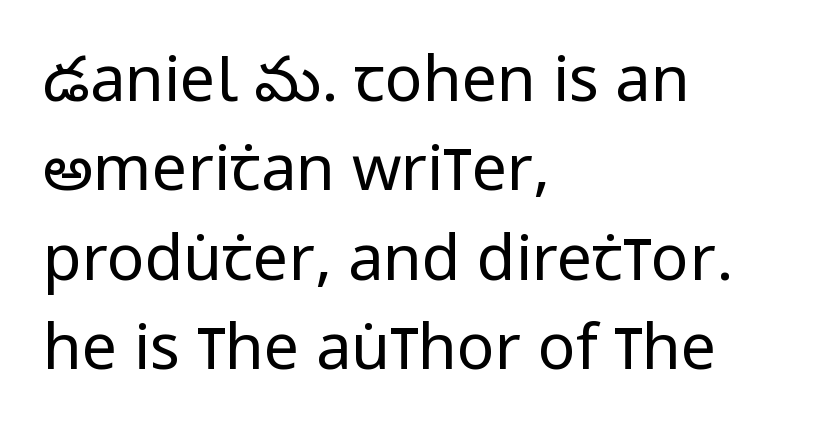
Q: Is the text bold? A: No.
Q: Is the text italic (slanted)? A: No, it is upright.
Q: Is the typeface a serif or a sans-serif typeface? A: Sans-serif.
Q: Is the text underlined? A: No.
Q: How is the paragraph aligned? A: Left-aligned.
Q: Is the spacing between letters normal or unusually wide? A: Normal.
Q: Is the spacing between lines tight, normal or loose? A: Normal.
Q: Width (condensed, normal, or wide)? A: Condensed.
Q: Stroke contrast? A: Low.
Q: x-height? A: Large.
Q: Monospaced? A: No.
------------
▶ [What you are asked to do]: Each record above needs to be copied exactly, with images left out.

▶ [Result of the task]:
Q: Is the text bold? A: No.
Q: Is the text italic (slanted)? A: No, it is upright.
Q: Is the typeface a serif or a sans-serif typeface? A: Sans-serif.
Q: Is the text underlined? A: No.
Q: How is the paragraph aligned? A: Left-aligned.
Q: Is the spacing between letters normal or unusually wide? A: Normal.
Q: Is the spacing between lines tight, normal or loose? A: Normal.
Q: Width (condensed, normal, or wide)? A: Condensed.
Q: Stroke contrast? A: Low.
Q: x-height? A: Large.
Q: Monospaced? A: No.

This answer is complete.